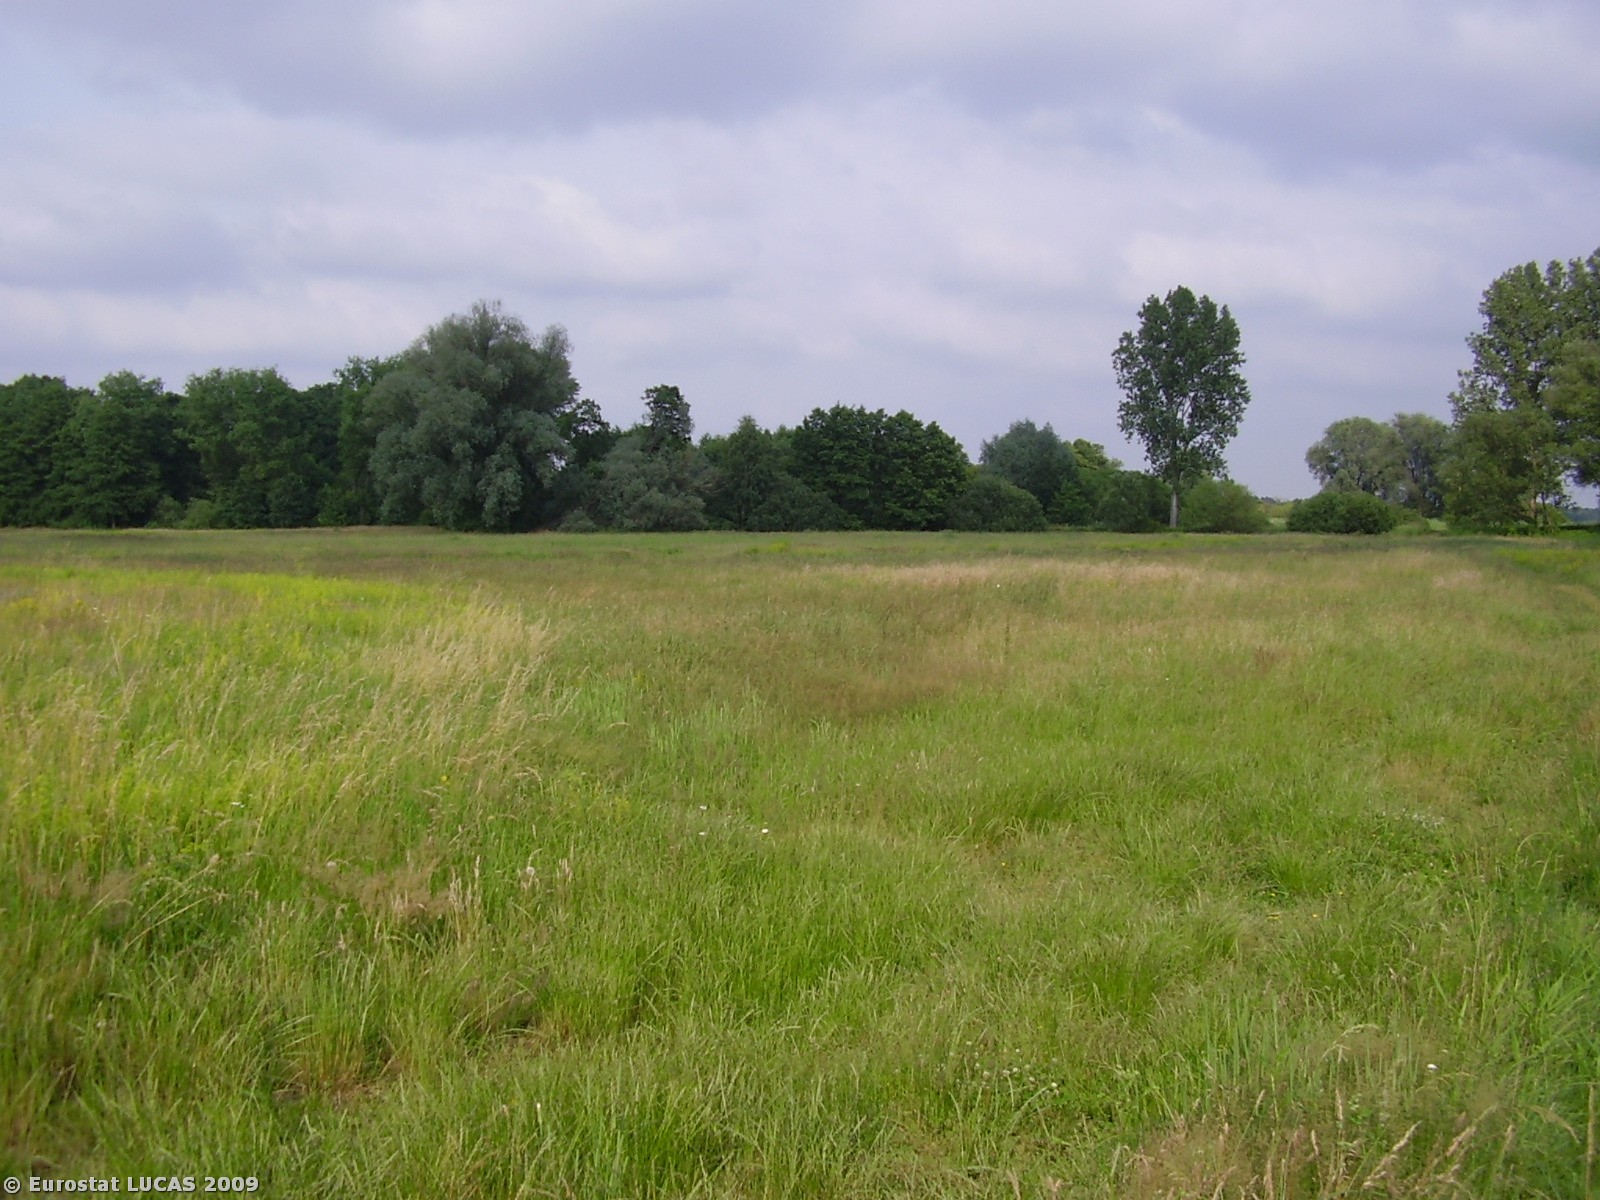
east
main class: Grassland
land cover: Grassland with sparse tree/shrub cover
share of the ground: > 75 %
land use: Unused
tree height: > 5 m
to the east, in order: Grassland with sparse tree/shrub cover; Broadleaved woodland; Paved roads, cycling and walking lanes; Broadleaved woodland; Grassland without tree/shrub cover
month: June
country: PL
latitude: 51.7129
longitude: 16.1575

■ THE PROBLEM: The material shown above is to be repeated verbatim, and its pictures are to be omitted.

■ RESULT BELOW:
east
main class: Grassland
land cover: Grassland with sparse tree/shrub cover
share of the ground: > 75 %
land use: Unused
tree height: > 5 m
to the east, in order: Grassland with sparse tree/shrub cover; Broadleaved woodland; Paved roads, cycling and walking lanes; Broadleaved woodland; Grassland without tree/shrub cover
month: June
country: PL
latitude: 51.7129
longitude: 16.1575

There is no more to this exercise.